4-5.3.2. Screening by functional complementation
Functional complementation is the process of compensating a missing function in a mutant cell by a particular DNA sequence for restoring the wild-type phenotype. If the mutant cells are non-viable, the cells carrying the clone of interest can be positively selected and isolated. It is a very powerful method of expression cloning and also useful for identification of genes from an organism having same role as that of defective gene in another organism. The selection and identification of positive clones is based on either the gain of function or a visible change in phenotype.
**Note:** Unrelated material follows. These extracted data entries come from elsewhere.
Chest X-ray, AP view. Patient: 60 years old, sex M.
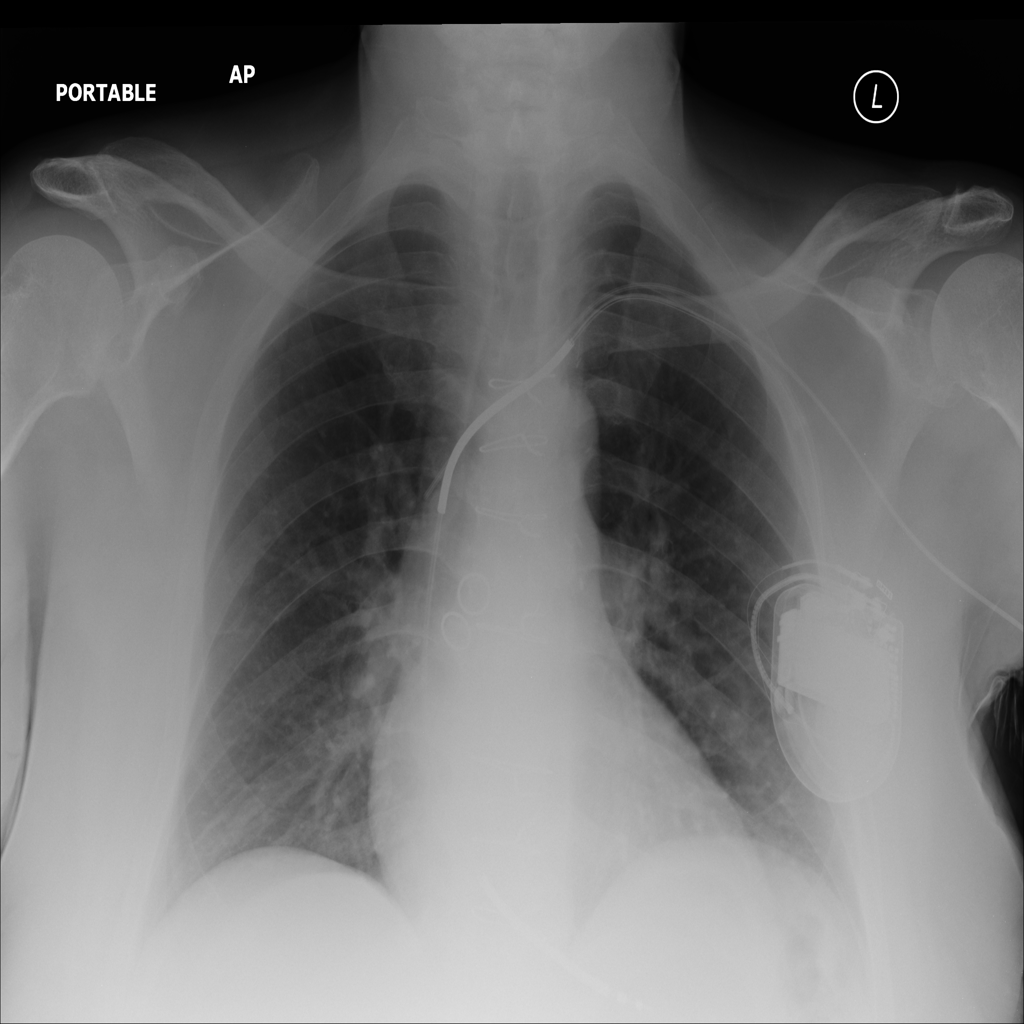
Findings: No Finding
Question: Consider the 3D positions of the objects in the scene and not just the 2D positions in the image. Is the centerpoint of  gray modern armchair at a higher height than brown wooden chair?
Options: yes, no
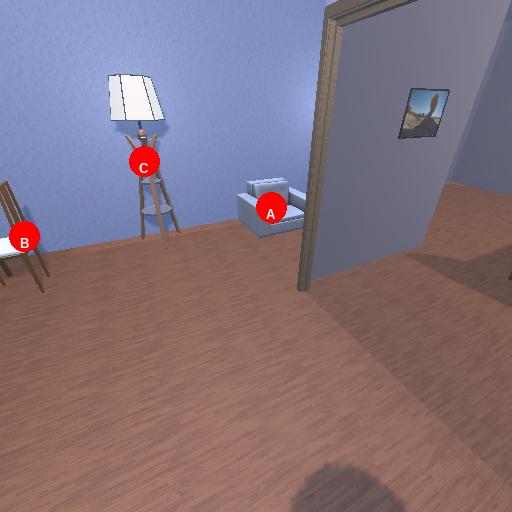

For example, the functional complementation in transgenic mice for the isolation of Shaker-2 gene applied by Probst et al in1988 shown in Figure 4-5.3.2.
Figure 4-5.3.2: Functional complementation in transgenic mice for isolation of Shaker-2 gene.
(Adapted from Primrose SB, Twyman RM. 2006. Principles of gene manipulation and genomics.7th ed. Blackwell Publishing.)
The Shaker-2 mutation is due to the defective gene associated with human deafness disorder. The BAC clone from the wild type mice are prepared and injected into the eggs of Shaker-2 mutants. The resulting mice are then screened for the presence of wild type phenotype. Thus the BAC clone carrying the functional Shaker-2 gene is identified which encodes a cytoskeletal myosin protein. This method can be used for screening human genomic libraries to identify equivalent human gene.